These metrics help us refine our assertion set over time, aiming to catch more bad outputs while avoiding false alarms on good ones

In [None]:
def calculate_metrics(assertion_results: Dict[str, List[Tuple[int, int, str]]]) -> Dict[str, Dict[str, Union[float, str]]]:
    metrics = {}
    
    for assertion, results in assertion_results.items():
        total_outputs = len(results)
        total_bad = sum(1 for _, human_annotation, _ in results if human_annotation == 0)
        total_good = total_outputs - total_bad

        passes = sum(1 for score, _, _ in results if score == 1)
        fails = total_outputs - passes
        fails_on_bad = sum(1 for score, human_annotation, _ in results if human_annotation == 0 and score == 0)
        fails_on_good = sum(1 for score, human_annotation, _ in results if human_annotation == 1 and score == 0)

        selectivity = passes / total_outputs if total_outputs > 0 else 0
        coverage = fails_on_bad / total_bad if total_bad > 0 else 1  # If no bad outputs, perfect coverage
        ffr = fails_on_good / total_good if total_good > 0 else 0  # If no good outputs, no false failures

        # Calculate alignment
        if coverage + (1 - ffr) > 0:
            alignment = 2 * (coverage * (1 - ffr)) / (coverage + (1 - ffr))
        else:
            alignment = 0

        # Get the evaluation type (assuming it's consistent for all results of this assertion)
        eval_type = results[0][2] if results else "unknown"

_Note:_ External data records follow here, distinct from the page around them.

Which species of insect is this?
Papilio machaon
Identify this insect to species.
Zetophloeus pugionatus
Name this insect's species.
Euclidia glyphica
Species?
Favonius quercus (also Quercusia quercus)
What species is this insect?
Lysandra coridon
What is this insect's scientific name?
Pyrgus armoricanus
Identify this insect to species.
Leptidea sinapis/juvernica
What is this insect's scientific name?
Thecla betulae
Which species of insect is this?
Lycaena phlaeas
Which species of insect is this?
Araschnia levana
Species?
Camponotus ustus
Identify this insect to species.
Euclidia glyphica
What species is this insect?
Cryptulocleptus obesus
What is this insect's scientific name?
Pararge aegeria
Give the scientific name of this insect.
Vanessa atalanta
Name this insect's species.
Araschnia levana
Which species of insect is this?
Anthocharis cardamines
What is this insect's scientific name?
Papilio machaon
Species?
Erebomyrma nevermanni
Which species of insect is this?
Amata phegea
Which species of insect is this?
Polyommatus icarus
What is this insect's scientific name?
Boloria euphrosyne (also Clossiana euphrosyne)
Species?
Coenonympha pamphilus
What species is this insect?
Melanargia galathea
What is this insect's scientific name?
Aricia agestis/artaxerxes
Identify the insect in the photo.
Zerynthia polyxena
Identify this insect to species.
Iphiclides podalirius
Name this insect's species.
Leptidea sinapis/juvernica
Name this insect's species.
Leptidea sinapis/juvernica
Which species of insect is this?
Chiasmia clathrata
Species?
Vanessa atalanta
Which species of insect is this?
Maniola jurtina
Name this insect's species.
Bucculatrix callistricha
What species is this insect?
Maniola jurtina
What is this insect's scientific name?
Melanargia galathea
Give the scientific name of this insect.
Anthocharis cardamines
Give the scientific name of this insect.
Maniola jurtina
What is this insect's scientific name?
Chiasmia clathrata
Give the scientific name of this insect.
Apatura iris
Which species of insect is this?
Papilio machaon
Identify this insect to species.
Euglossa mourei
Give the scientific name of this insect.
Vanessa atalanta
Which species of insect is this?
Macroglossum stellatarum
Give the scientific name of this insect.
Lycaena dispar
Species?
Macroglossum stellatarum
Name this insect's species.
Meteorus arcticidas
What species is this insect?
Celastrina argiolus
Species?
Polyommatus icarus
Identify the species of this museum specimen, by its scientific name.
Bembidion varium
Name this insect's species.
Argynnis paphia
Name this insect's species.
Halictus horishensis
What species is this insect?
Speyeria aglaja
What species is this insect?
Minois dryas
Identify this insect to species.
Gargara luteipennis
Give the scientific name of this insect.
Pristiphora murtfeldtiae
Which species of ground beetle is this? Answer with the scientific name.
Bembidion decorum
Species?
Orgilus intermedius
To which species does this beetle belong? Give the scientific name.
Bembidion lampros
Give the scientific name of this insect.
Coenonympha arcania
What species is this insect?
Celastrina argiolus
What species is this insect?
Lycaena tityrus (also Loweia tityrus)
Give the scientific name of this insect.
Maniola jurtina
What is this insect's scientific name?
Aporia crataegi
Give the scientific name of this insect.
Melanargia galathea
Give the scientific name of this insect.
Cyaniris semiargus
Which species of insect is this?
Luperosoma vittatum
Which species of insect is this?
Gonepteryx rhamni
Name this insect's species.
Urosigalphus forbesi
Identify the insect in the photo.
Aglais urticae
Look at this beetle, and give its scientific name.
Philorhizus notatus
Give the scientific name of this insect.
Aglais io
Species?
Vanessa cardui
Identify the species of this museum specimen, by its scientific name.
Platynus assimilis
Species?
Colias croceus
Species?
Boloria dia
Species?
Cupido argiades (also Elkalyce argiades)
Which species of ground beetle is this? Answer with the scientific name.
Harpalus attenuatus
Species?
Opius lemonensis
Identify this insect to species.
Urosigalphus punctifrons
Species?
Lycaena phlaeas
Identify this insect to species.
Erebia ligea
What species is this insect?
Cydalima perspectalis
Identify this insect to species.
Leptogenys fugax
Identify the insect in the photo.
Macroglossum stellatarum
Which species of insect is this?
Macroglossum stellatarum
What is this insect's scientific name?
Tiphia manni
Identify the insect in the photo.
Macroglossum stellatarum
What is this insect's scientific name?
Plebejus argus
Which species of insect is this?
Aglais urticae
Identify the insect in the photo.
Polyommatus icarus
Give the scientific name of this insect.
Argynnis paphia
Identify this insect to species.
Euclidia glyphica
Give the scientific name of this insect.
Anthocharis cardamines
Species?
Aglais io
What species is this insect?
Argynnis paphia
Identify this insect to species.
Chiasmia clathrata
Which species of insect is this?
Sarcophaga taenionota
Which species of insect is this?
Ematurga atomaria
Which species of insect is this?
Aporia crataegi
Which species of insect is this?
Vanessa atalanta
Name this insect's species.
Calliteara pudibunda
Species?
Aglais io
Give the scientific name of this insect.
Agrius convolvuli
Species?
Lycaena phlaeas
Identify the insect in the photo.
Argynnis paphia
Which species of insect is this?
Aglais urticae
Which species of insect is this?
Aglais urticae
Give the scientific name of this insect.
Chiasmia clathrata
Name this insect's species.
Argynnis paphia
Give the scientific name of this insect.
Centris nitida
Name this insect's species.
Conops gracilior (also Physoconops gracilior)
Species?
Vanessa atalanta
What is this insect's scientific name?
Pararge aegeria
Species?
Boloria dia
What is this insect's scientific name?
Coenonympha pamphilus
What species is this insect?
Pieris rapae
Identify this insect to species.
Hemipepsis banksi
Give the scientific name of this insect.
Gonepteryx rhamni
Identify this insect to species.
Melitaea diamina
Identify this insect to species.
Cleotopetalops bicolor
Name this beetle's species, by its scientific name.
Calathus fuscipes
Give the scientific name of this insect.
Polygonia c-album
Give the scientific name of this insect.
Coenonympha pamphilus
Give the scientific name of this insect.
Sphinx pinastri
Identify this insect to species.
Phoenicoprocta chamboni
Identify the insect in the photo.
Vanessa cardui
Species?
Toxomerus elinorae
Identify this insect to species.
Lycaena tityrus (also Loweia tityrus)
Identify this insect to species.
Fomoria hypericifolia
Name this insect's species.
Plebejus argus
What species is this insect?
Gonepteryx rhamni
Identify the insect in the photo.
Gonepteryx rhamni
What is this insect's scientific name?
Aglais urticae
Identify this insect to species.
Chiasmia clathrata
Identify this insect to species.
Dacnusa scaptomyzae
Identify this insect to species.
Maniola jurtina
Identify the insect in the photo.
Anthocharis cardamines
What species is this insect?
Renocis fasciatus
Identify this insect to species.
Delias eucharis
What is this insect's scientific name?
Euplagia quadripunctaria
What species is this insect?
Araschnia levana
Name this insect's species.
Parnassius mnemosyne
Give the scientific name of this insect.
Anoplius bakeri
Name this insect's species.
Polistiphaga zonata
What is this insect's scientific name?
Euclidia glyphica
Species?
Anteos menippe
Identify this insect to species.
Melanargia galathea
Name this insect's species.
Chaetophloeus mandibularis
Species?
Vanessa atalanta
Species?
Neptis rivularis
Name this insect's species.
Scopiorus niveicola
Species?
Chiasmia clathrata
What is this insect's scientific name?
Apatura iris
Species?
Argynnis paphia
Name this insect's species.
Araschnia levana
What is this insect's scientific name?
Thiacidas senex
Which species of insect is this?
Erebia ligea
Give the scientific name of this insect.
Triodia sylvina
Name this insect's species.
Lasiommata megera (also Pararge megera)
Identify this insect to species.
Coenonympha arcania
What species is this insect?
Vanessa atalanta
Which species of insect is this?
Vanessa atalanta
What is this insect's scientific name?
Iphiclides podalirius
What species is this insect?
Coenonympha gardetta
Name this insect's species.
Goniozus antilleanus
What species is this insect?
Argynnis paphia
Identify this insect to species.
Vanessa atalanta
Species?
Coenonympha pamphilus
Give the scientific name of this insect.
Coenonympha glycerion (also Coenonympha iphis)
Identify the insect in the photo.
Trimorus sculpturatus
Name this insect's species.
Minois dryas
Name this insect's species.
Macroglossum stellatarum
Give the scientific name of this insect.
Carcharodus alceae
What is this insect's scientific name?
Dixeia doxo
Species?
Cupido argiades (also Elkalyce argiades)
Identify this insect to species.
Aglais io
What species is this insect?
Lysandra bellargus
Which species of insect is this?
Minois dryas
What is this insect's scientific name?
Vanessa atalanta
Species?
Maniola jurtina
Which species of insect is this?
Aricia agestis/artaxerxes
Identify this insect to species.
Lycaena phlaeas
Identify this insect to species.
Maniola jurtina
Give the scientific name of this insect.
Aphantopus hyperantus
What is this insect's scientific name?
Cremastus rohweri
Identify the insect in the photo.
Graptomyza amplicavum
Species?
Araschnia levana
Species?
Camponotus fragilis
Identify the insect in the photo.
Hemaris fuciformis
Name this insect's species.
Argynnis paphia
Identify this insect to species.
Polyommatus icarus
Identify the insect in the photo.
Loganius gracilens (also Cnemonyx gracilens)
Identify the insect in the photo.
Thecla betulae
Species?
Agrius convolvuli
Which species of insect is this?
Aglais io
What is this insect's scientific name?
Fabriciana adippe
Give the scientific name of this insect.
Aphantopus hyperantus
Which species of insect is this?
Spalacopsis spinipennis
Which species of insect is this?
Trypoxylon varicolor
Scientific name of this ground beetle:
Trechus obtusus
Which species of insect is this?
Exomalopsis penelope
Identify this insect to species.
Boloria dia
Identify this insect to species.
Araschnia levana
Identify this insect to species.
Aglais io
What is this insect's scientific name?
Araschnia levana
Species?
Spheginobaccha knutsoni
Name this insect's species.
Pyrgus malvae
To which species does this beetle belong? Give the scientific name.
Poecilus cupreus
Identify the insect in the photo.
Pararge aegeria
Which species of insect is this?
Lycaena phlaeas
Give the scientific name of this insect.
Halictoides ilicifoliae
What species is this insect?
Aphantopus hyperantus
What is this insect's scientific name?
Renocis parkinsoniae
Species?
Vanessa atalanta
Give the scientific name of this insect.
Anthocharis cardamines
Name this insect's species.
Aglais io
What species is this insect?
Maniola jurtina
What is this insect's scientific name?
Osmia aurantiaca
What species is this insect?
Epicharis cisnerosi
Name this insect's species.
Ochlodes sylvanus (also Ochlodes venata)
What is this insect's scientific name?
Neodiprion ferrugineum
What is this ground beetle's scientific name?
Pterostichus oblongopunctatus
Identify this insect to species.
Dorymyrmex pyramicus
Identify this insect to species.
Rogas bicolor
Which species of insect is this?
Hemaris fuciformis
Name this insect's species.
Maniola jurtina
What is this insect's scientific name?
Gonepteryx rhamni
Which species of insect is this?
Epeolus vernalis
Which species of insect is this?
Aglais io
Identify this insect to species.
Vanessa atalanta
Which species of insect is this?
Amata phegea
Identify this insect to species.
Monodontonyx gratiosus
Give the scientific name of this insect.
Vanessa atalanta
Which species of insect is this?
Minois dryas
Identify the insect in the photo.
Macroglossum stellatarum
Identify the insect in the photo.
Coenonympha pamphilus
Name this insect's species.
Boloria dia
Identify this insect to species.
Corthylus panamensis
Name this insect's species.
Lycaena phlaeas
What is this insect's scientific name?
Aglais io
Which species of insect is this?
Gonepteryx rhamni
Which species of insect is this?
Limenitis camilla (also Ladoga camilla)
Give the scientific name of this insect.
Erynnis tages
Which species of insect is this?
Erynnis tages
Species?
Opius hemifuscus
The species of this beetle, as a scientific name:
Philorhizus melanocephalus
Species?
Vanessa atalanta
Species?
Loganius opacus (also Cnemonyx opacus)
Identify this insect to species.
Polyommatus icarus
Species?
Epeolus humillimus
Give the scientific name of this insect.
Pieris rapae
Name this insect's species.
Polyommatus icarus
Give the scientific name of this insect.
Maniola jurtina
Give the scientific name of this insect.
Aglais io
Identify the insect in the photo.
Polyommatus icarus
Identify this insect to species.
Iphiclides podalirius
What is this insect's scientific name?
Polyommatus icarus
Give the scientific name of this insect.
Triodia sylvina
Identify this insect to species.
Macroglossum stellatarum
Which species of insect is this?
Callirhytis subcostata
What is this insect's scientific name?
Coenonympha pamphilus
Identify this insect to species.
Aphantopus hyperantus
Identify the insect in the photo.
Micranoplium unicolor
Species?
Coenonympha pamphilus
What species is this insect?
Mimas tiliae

        metrics[assertion] = {
            "type": eval_type,
            "selectivity": selectivity,
            "coverage": coverage,
            "ffr": ffr,
            "alignment": alignment,
            "total_outputs": total_outputs,
            "total_good": total_good,
            "total_bad": total_bad,
            "passes": passes,
            "fails": fails,
            "fails_on_bad": fails_on_bad,
            "fails_on_good": fails_on_good
        }

    return metrics

In [None]:
# Calculate metrics
metrics = calculate_metrics(assertion_results)
print("Assertion metrics:", json.dumps(metrics, indent=2))

In [None]:
def select_best_assertions(
    metrics: Dict[str, Dict[str, Union[float, str]]],
    num_llm_tests: int = None,
    num_code_tests: int = None,
    alignment_threshold: float = None
) -> Dict[str, str]:
    best_assertions = {}
    
    # First, filter assertions based on the alignment threshold
    if alignment_threshold is not None:
        filtered_metrics = {
            a: m for a, m in metrics.items() 
            if m['alignment'] >= alignment_threshold
        }
    else:
        filtered_metrics = metrics
    
    # Separate assertions by type
    llm_assertions = [a for a, m in filtered_metrics.items() if m['type'] == 'llm']
    code_assertions = [a for a, m in filtered_metrics.items() if m['type'] == 'python']
    
    # Sort assertions by alignment score
    llm_assertions.sort(key=lambda a: filtered_metrics[a]['alignment'], reverse=True)
    code_assertions.sort(key=lambda a: filtered_metrics[a]['alignment'], reverse=True)
    
    # Select top N assertions for each type
    if num_llm_tests is not None:
        best_assertions.update({a: 'llm' for a in llm_assertions[:num_llm_tests]})
    
    if num_code_tests is not None:
        best_assertions.update({a: 'python' for a in code_assertions[:num_code_tests]})
    
    # If no criteria provided or no assertions selected, select the best assertion overall
    if not best_assertions and filtered_metrics:
        best_assertion = max(filtered_metrics.keys(), key=lambda a: filtered_metrics[a]['alignment'])
        best_assertions[best_assertion] = filtered_metrics[best_assertion]['type']
    
    return best_assertions

In [None]:
best_assertions = select_best_assertions(
    metrics,
    num_llm_tests=2,
    num_code_tests=1,
    alignment_threshold=0.0
)

In [None]:
#TODO: Also add filters based on criteria so no two assertions solve the same criteria
best_assertions

In [None]:
def get_best_assertion_details(best_assertions: Dict[str, str], all_assertions: List[Union[PythonAssertion, LLMAssertion]]) -> List[Union[PythonAssertion, LLMAssertion]]:
    best_assertion_details = []
    
    for assertion_name, assertion_type in best_assertions.items():
        matching_assertions = [
            assertion for assertion in all_assertions
            if assertion.test_name == assertion_name and assertion.evaluation_type == assertion_type
        ]
        
        if matching_assertions:
            best_assertion_details.append(matching_assertions[0])
        else:
            print(f"Warning: No matching assertion found for {assertion_name} of type {assertion_type}")
    
    return best_assertion_details

# Usage
best_assertion_details = get_best_assertion_details(best_assertions, all_assertions)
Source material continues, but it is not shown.